Once Juan García Ábrego, the founder of the Gulf cartel, was imprisoned in 1996, Ángel Salvador Gómez Herrera (a.k.a. El Chava) sought to take over the assets of the criminal organization along with Cárdenas Guillén.

1997

He defected from the military in 1997 and formed Los Zetas, the Gulf Cartel's former paramilitary wing, under the leadership of the kingpin Osiel Cárdenas Guillén.

Guzmán Decena was born in a poor family in Puebla and joined the military as a teenager to escape from poverty.

He began to take bribes from the Gulf Cartel while still serving in the military, but eventually defected to work full-time for the criminal organization in 1997.

For years he recruited other members of the Mexican Armed Forces to form Los Zetas.

Guzmán Decena, however, shattered that model and left the military in 1997 to work full-time with a drug trafficking organization.

According to the British journalist, Ioan Grillo, it is still unclear why Guzmán Decena defected from the army to become a "narco-mercenary."

A common explanation is that Guzmán Decena left the military in search of a higher payment, seeing that many cartel members lived ostentatiously and earned more in a year than a GAFE member earned in a lifetime.

Nonetheless, he would have also lived comfortably as a successful GAFE member in the army.

And by joining the Gulf cartel, he was becoming a fugitive and increasing his chances of being arrested or killed.

Hence, a crucial factor in his defection may have been the seismic change of Mexico's transition to democracy and the tearing rule of the PRI.

The "new Mexico" and the democracy that came with it was feared by many soldiers who had made abuses during the old regime.

Mounting pressures arose from the families of the "disappeared" who made marches in Mexico City, and many military officers were found guilty in courts-martial for human right abuses and corruption.

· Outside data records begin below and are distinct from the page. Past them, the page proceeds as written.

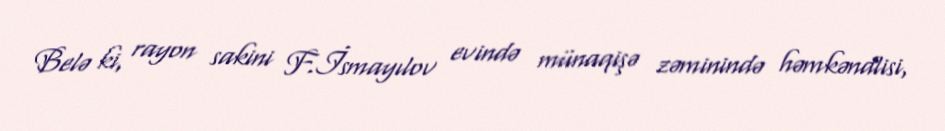
Belə ki, rayon sakini F.İsmayılov evində münaqişə zəminində həmkəndlisi,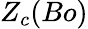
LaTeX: Z_{c}(Bo)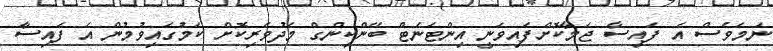
ނަމަވެސް އެ ފައިސާ ޖަމާކޮށްފައިވަނީ އިންޓަނެޓް ބޭންކިންގް މެދުވެރިކޮށް ކަމުގައިވުމުން އެ ފައިސާ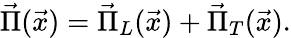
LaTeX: \vec{\Pi}(\vec{x})=\vec{\Pi}_{L}(\vec{x})+\vec{\Pi}_{T}(\vec{x}).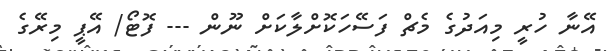
އޭނާ ހުރީ މިއަދުގެ މެޗް ފަސޭހަކޮށްލާކަށް ނޫން --- ފޮޓޯ/ އޭޕީ މިރޭގެ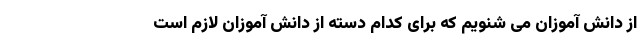
از دانش آموزان می شنویم که برای کدام دسته از دانش آموزان لازم است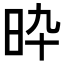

For years, some military generals took bribes from the cartels; amid the turmoil, Guzmán Decena acknowledged that he was better off outside the system and as a leader of Los Zetas.

Cárdenas Guillén then asked Guzmán Decena to help him recruit and set up the most ferocious hit squad possible for his cartel.

Mexican federal agents later released the conversation between the two after an informant passed on the information of the new unit:

Following the orders, Guzmán Decena recruited dozens of soldiers from the Mexican military.

Some media outlets report that the formation of Los Zetas was the result of a "mass defection" of a single army unit.

But military records show that this claim is false and inaccurate.

Soldiers left their ranks and joined Los Zetas over some months and were from a number of different military units, but a number of GAFE soldiers made up a large part of the deserters.

The members were given a codename with the letter Z, starting with Guzmán Decena with Z-1.

Within some months, Guzmán Decena commanded a mercenary army of 38 defected soldiers enticed by salaries substantially higher than those paid by the Mexican government.

The GAFE soldiers that went to work with the Gulf cartel took with them a number of the Mexican Army's most sophisticated machine guns, assault rifles, pistols, bazookas, grenades, and telecommunications and surveillance equipment.

The role of Los Zetas was soon expanded by "collecting debts, securing cocaine supply and trafficking routes known as 'plazas,' and executing its foes – often with grotesque savagery."

2002

He served as the right-hand man of Cárdenas Guillén until 21 November 2002, when he was gunned down and killed by the Mexican Army Special Forces in the border city of Matamoros, Tamaulipas.